Снова сев в полутемную карету и глядя на искристые от дождя стекла, то и дело загоравшиеся разноцветными алмазами от фонарных огней и переливавшихся в черной вышине то кровью, то ртутью реклам, он опять отвернул край ее перчатки и продолжительно поцеловал руку. Она посмотрела на него тоже странно искрящимися глазами с угольно-крупными ресницами и любовно-грустно потянулась к нему лицом, полными, с сладким помадным вкусом губами.

В кафе "Coupole" начали с устриц и анжу, потом заказали куропаток и красного бордо. За кофе с желтым шартрезом оба слегка охмелели. Много курили, пепельница была полна ее окровавленными окурками. Он среди разговора смотрел на ее разгоревшееся лицо и думал, что она вполне красавица.

– Но скажите правду, – говорила она, щепотками снимая с кончика языка крошки табаку, – ведь были же у вас встречи за эти годы?

– Были. Но вы догадываетесь, какого рода. Ночные отели… А у вас?

Она помолчала:

– Была одна очень тяжелая история… Нет, я не хочу говорить об этом. Мальчишка, сутенер, в сущности… Но как вы разошлись с женой?

– Постыдно. Тоже был мальчишка, красавец-гречонок, чрезвычайно богатый. И в месяц, два не осталось и следа от чистой, трогательной девочки, которая просто молилась на белую армию, на всех на нас. Стала ужинать с ним в самом дорогом кабаке в Пера, получать от него гигантские корзины цветов… "Не понимаю, неужели ты можешь ревновать меня к нему? Ты весь день занят, мне с ним весело, он для меня просто милый мальчик – и больше ничего…" Милый мальчик! А самой двадцать лет. Нелегко было забыть ее, – прежнюю, екатеринодарскую…

Когда подали счет, она внимательно просмотрела его и не велела давать больше десяти процентов на прислугу. После этого им обоим показалось еще страннее расстаться через полчаса.

– Поедемте ко мне, – сказал он печально. – Посидим, поговорим еще…

– Да, да, – ответила она, вставая, беря его под руку и прижимая ее к себе.
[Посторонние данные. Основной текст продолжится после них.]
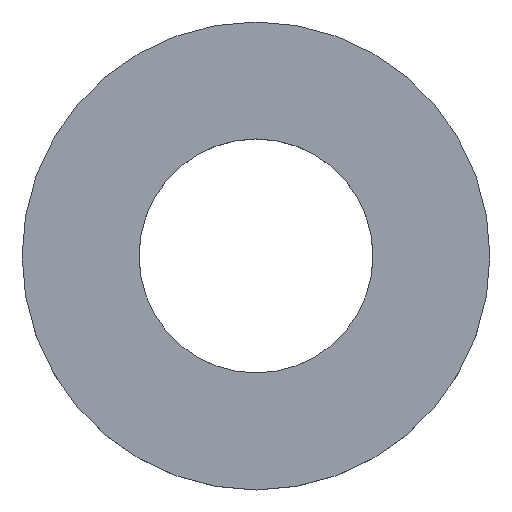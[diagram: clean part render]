
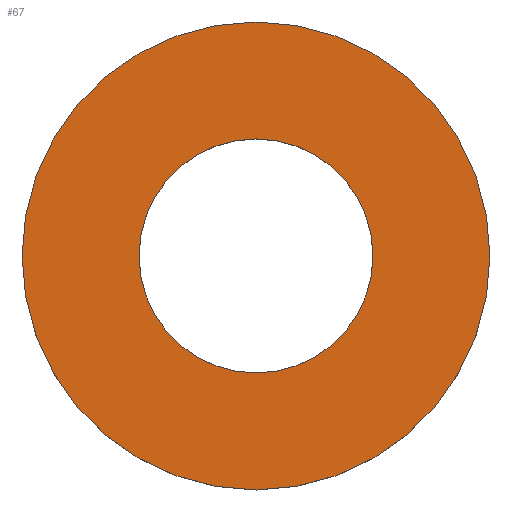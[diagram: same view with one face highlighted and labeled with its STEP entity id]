
A CAD part, top view. The second image highlights one B-rep face of the part: STEP entity #67.
In plain terms, the highlighted planar face has unit normal (0, 0, 1).
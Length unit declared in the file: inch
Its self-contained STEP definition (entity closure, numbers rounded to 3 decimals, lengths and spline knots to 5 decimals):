
#15=PLANE('',#77);
#21=FACE_BOUND('',#34,.T.);
#26=FACE_OUTER_BOUND('',#33,.T.);
#33=EDGE_LOOP('',(#58));
#34=EDGE_LOOP('',(#59));
#40=CIRCLE('',#74,0.25001);
#42=CIRCLE('',#78,0.5);
#45=VERTEX_POINT('',#108);
#47=VERTEX_POINT('',#114);
#50=EDGE_CURVE('',#45,#45,#40,.T.);
#52=EDGE_CURVE('',#47,#47,#42,.T.);
#58=ORIENTED_EDGE('',*,*,#52,.T.);
#59=ORIENTED_EDGE('',*,*,#50,.F.);
#67=ADVANCED_FACE('',(#26,#21),#15,.T.);
#74=AXIS2_PLACEMENT_3D('',#109,#88,#89);
#77=AXIS2_PLACEMENT_3D('',#113,#94,#95);
#78=AXIS2_PLACEMENT_3D('',#115,#96,#97);
#88=DIRECTION('center_axis',(0.,0.,1.));
#89=DIRECTION('ref_axis',(-1.,0.,0.));
#94=DIRECTION('center_axis',(0.,0.,1.));
#95=DIRECTION('ref_axis',(1.,0.,0.));
#96=DIRECTION('center_axis',(0.,0.,1.));
#97=DIRECTION('ref_axis',(-1.,0.,0.));
#108=CARTESIAN_POINT('',(0.25001,0.,0.0625));
#109=CARTESIAN_POINT('Origin',(0.,0.,0.0625));
#113=CARTESIAN_POINT('Origin',(0.,0.,
0.0625));
#114=CARTESIAN_POINT('',(0.5,0.,0.0625));
#115=CARTESIAN_POINT('Origin',(0.,0.,0.0625));
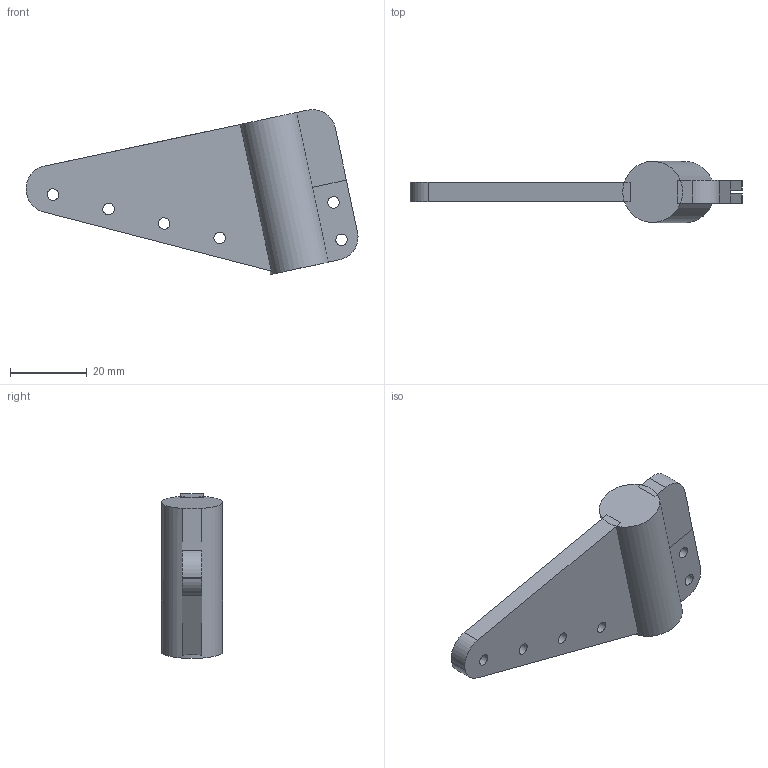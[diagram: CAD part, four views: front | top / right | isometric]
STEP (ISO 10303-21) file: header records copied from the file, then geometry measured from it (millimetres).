
FILE_DESCRIPTION(('FreeCAD Model'),'2;1');
FILE_NAME('MastHeadAttachment8mm.step','2020-11-18T08:59:43',('Author'),(''), 'Open CASCADE STEP processor 7.3','FreeCAD','Unknown');
FILE_SCHEMA(('AUTOMOTIVE_DESIGN { 1 0 10303 214 1 1 1 1 }'));
Length unit declared in the file: millimetre
Products named in the file (1): MastHeadAttachment_8mm
Bounding box: 86.77 x 16 x 43.1 mm (x, y, z)
Volume: 15612.9 mm3; surface area: 7614.5 mm2
Topology: 1 solids, 1 shells, 47 faces, 120 edges, 76 vertices
Faces by surface type: plane 32, cylinder 15
Full cylindrical faces by diameter (mm): 3 x8, 8.25 x1
Entity records: 3078 total; most frequent: CARTESIAN_POINT 576, DIRECTION 480, LINE 274, VECTOR 274, ORIENTED_EDGE 240, PCURVE 240, DEFINITIONAL_REPRESENTATION 240, EDGE_CURVE 120
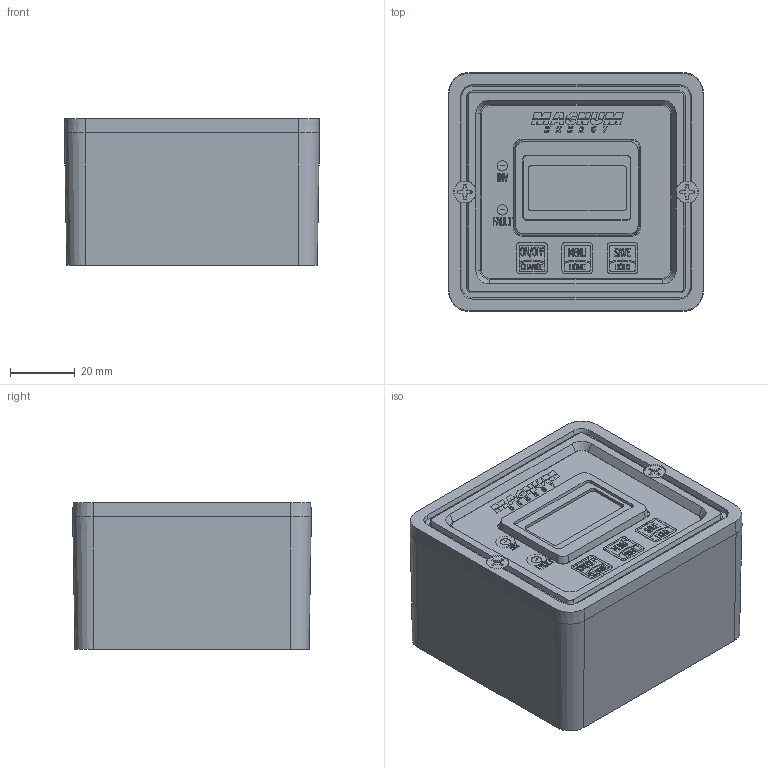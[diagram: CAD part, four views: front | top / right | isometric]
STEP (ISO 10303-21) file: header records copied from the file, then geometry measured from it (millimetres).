
FILE_DESCRIPTION (( 'STEP AP214' ), '1' );
FILE_NAME ('test.STEP', '2018-05-09T21:43:26', ( '' ), ( '' ), 'SwSTEP 2.0', 'SolidWorks 2015', '' );
FILE_SCHEMA (( 'AUTOMOTIVE_DESIGN' ));
Length unit declared in the file: inch
Products named in the file (1): test
Bounding box: 78.73 x 73.66 x 45.3 mm (x, y, z)
Volume: 88274.9 mm3; surface area: 82082.8 mm2
Topology: 21 solids, 21 shells, 1996 faces, 5331 edges, 3503 vertices
Faces by surface type: plane 950, cylinder 585, bspline 210, cone 181, torus 50, sphere 20
Entity records: 115337 total; most frequent: CARTESIAN_POINT 40945, ORIENTED_EDGE 10630, DIRECTION 9081, EDGE_CURVE 5315, VERTEX_POINT 3495, LINE 3095, VECTOR 3095, AXIS2_PLACEMENT_3D 2993

Ночной шофер, русский, привез их в одинокий переулок, к подъезду высокого дома, возле которого, в металлическом свете газового фонаря, сыпался дождь на жестяной чан с отбросами. Вошли в осветившийся вестибюль, потом в тесный лифт и медленно потянулись вверх, обнявшись и тихо целуясь. Он успел попасть ключом в замок своей двери, пока не погасло электричество, и ввел ее в прихожую, потом в маленькую столовую, где в люстре скучно зажглась только одна лампочка. Лица у них были уже усталые. Он предложил еще выпить вина.
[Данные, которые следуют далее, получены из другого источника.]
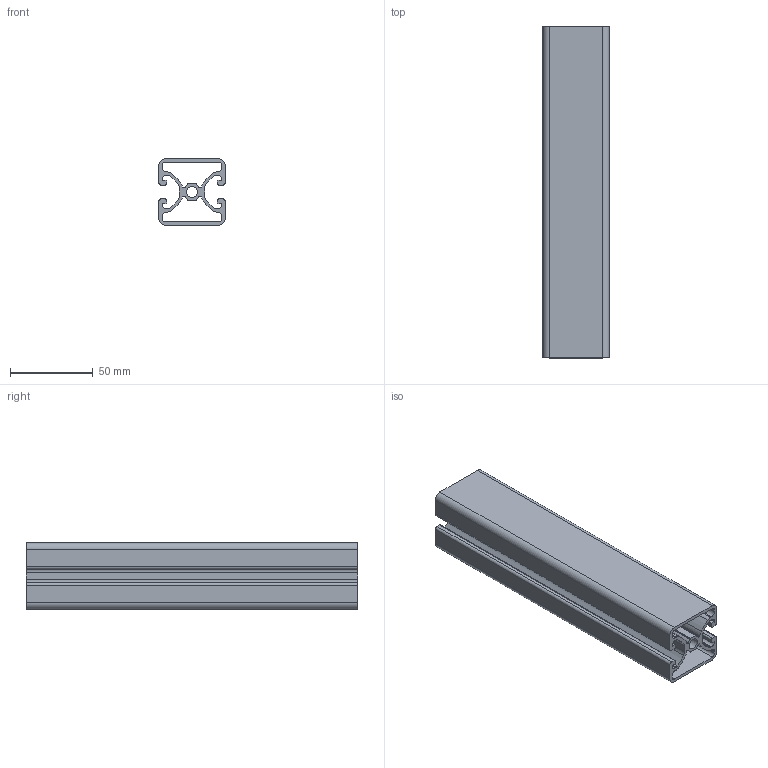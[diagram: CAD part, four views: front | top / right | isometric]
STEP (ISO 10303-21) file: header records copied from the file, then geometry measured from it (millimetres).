
FILE_DESCRIPTION(/* description */ ('Aluminiumprofil 40x40E 2N180'),/* implementation_level */ '2;1');
FILE_NAME(/* name */ 'Syskomp 281404129 Aluminiumprofil 40x40E 2N180.stp',/* time_stamp */ '2017-04-26T15:13:05+02:00',/* author */ ('wheldmann'),/* organization */ (''),/* preprocessor_version */ 'ST-DEVELOPER v16.1',/* originating_system */ 'Autodesk Inventor 2016',/* authorisation */ ' ');
FILE_SCHEMA (('AUTOMOTIVE_DESIGN { 1 0 10303 214 3 1 1 }'));
Length unit declared in the file: millimetre
Products named in the file (1): 281404129 Aluminiumprofil 40x40E 2N180 - 200
Bounding box: 40 x 200 x 40 mm (x, y, z)
Volume: 99683.8 mm3; surface area: 91310.5 mm2
Topology: 1 solids, 1 shells, 127 faces, 375 edges, 250 vertices
Faces by surface type: cylinder 77, plane 50
Full cylindrical faces by diameter (mm): 6.8 x1
Entity records: 4334 total; most frequent: DIRECTION 784, CARTESIAN_POINT 752, ORIENTED_EDGE 748, EDGE_CURVE 374, AXIS2_PLACEMENT_3D 282, VERTEX_POINT 250, LINE 220, VECTOR 220
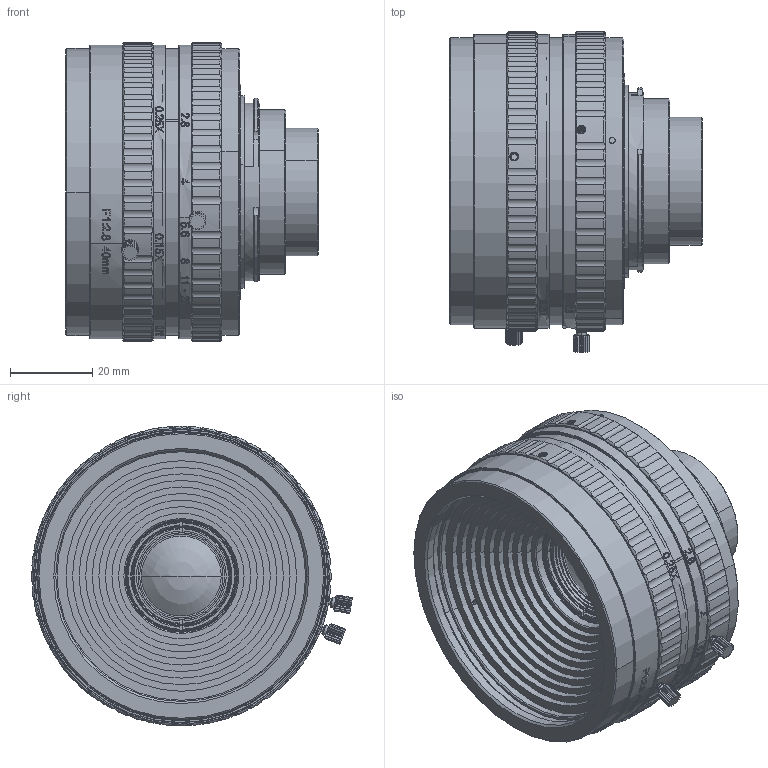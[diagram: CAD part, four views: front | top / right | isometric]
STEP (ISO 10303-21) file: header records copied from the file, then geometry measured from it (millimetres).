
FILE_DESCRIPTION(('FreeCAD Model'),'2;1');
FILE_NAME('Open CASCADE Shape Model','2025-01-22T14:36:03',(''),(''), 'Open CASCADE STEP processor 7.8','FreeCAD','Unknown');
FILE_SCHEMA(('AUTOMOTIVE_DESIGN { 1 0 10303 214 1 1 1 1 }'));
Length unit declared in the file: millimetre
Products named in the file (45): VA-LFM-29MP-40MM-F2.8-43C; 200-N_ASM_120_ASM; 503_AF0_33; 505_AF0_47_ASM; MANIFOLD_SOLID_BREP_4395; MANIFOLD_SOLID_BREP_4867; MANIFOLD_SOLID_BREP_5728; 201_AF0_ASM_1_ASM; 501_AF0_1; SOLID; COMPOUND002; COMPOUND; COMPOUND001; 601_AF0_ASM_1_ASM; 301_AF0_1; 511_AF0_1; SOLID001; SHELL; 202_AF0_ASM_1_ASM; 502_AF0_1; SOLID002; COMPOUND005; COMPOUND003; COMPOUND004; 602_AF0_ASM_1_ASM; 306_AF0_1; 512_AF0_1; SOLID003; SHELL001; 506_AF0_52; 507_AF0_91; 508_AF0_118; 509_AF0_141; M17552501_AF0_4; M17552501_AF1_4; M17552501_AF2_4; IRF19-531_AF0_11; IRF19-531_AF1_11; 522_AF0_12; 522_AF1_12 ...
Assembly tree (44 placements, depth 6):
  VA-LFM-29MP-40MM-F2.8-43C
    200-N_ASM_120_ASM
      503_AF0_33
      505_AF0_47_ASM
        MANIFOLD_SOLID_BREP_4395
        MANIFOLD_SOLID_BREP_4867
        MANIFOLD_SOLID_BREP_5728
      201_AF0_ASM_1_ASM
        501_AF0_1
          SOLID
          COMPOUND002
            COMPOUND
            COMPOUND001
        601_AF0_ASM_1_ASM
          301_AF0_1
        511_AF0_1
          SOLID001
          SHELL
      202_AF0_ASM_1_ASM
        502_AF0_1
          SOLID002
          COMPOUND005
            COMPOUND003
            COMPOUND004
        602_AF0_ASM_1_ASM
          306_AF0_1
        512_AF0_1
          SOLID003
          SHELL001
      506_AF0_52
      507_AF0_91
      508_AF0_118
      509_AF0_141
      M17552501_AF0_4
      M17552501_AF1_4
      M17552501_AF2_4
      IRF19-531_AF0_11
      IRF19-531_AF1_11
      522_AF0_12
      522_AF1_12
      522_AF2_12
      M14402001_AF0_2
      M14402001_AF1_2
      M14402001_AF2_2
      521_AF0_10
Bounding box: 61.65 x 78.21 x 73 mm (x, y, z)
Volume: 21466.5 mm3; surface area: 51416.8 mm2
Topology: 25 solids, 32 shells, 1712 faces, 4678 edges, 3096 vertices
Faces by surface type: cylinder 572, bspline 520, plane 379, cone 204, extrusion 19, torus 14, sphere 4
Entity records: 85419 total; most frequent: CARTESIAN_POINT 44392, ORIENTED_EDGE 9316, DIRECTION 6804, EDGE_CURVE 4672, VERTEX_POINT 3096, AXIS2_PLACEMENT_3D 2526, FACE_BOUND 1852, EDGE_LOOP 1852

– Нет, дорогой мой, – сказала она, – я больше не могу.

Он стал просить:

– Выпьем только по бокалу белого, у меня стоит за окном отличное пуи.
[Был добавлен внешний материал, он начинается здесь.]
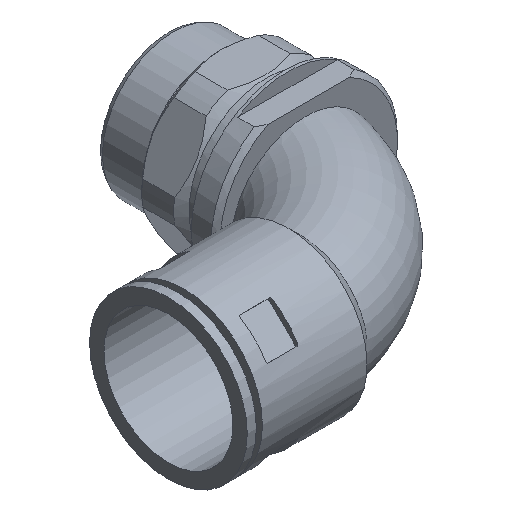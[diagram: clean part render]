
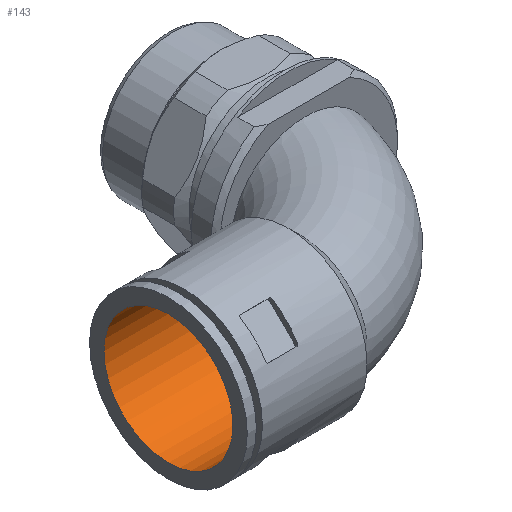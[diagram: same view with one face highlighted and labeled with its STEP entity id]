
A CAD part, isometric view. The second image highlights one B-rep face of the part: STEP entity #143.
In plain terms, the highlighted cylindrical face has radius 21.25 mm (diameter 42.5 mm), a full revolution.
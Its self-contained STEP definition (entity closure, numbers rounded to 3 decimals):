
#143 = ADVANCED_FACE( '', ( #346, #347 ), #348, .F. );
#346 = FACE_OUTER_BOUND( '', #587, .T. );
#347 = FACE_OUTER_BOUND( '', #588, .T. );
#348 = CYLINDRICAL_SURFACE( '', #589, 21.25 );
#587 = EDGE_LOOP( '', ( #1169 ) );
#588 = EDGE_LOOP( '', ( #1170 ) );
#589 = AXIS2_PLACEMENT_3D( '', #1171, #1172, #1173 );
#1169 = ORIENTED_EDGE( '', *, *, #1601, .T. );
#1170 = ORIENTED_EDGE( '', *, *, #1597, .F. );
#1171 = CARTESIAN_POINT( '', ( 37., 0., 0. ) );
#1172 = DIRECTION( '', ( -1., 0., 0. ) );
#1173 = DIRECTION( '', ( 0., 0., -1. ) );
#1597 = EDGE_CURVE( '', #1950, #1950, #1951, .T. );
#1601 = EDGE_CURVE( '', #1958, #1958, #1959, .T. );
#1950 = VERTEX_POINT( '', #3218 );
#1951 = CIRCLE( '', #3219, 21.25 );
#1958 = VERTEX_POINT( '', #3226 );
#1959 = CIRCLE( '', #3227, 21.25 );
#3218 = CARTESIAN_POINT( '', ( 0., 0., -21.25 ) );
#3219 = AXIS2_PLACEMENT_3D( '', #3582, #3583, #3584 );
#3226 = CARTESIAN_POINT( '', ( 37., 0., -21.25 ) );
#3227 = AXIS2_PLACEMENT_3D( '', #3594, #3595, #3596 );
#3582 = CARTESIAN_POINT( '', ( 0., 0., 0. ) );
#3583 = DIRECTION( '', ( 1., 0., 0. ) );
#3584 = DIRECTION( '', ( 0., 0., -1. ) );
#3594 = CARTESIAN_POINT( '', ( 37., 0., 0. ) );
#3595 = DIRECTION( '', ( 1., 0., 0. ) );
#3596 = DIRECTION( '', ( 0., 0., -1. ) );

– Пейте, милый, а я пойду разденусь и помоюсь. И спать, спать. Мы не дети, вы, я думаю, отлично знали, что раз я согласилась ехать к вам… И вообще, зачем нам расставаться?

Он от волнения не мог ответить, молча провел ее в спальню, осветил ее и ванную комнату, дверь в которую была из спальни открыта. Тут лампочки горели ярко, всюду шло тепло от топок, меж тем как по крыше бегло и мерно стучал дождь. Она тотчас стала снимать через голову длинное платье.

Он вышел, выпил подряд два бокала ледяного, горького вина и не мог удержать себя, опять пошел в спальню.

В спальне, в большом зеркале на стене напротив, ярко отражалась освещенная ванная комната. Она стояла спиной к нему, вся голая, белая, крепкая, наклонившись над умывальником, моя шею и груди.

– Нельзя сюда! – сказала она и, накинув купальный халат, не закрыв налитые груди, белый сильный живот и белые тугие бедра, подошла и как жена обняла его. И как жену обнял и он ее, все ее прохладное тело, целуя еще влажную грудь, пахнущую туалетным мылом, глаза и губы, с которых она уже вытерла краску.

Через день, оставив службу, она переехала к нему.

Однажды зимой он уговорил ее взять на свое имя сейф в Лионском кредите и положить туда все, что им было заработано.

– Предосторожность никогда не мешает, – говорил он. – L'amour fait danser les вnes [13], и я чувствую себя так, точно мне двадцать лет. Но мало ли что может быть…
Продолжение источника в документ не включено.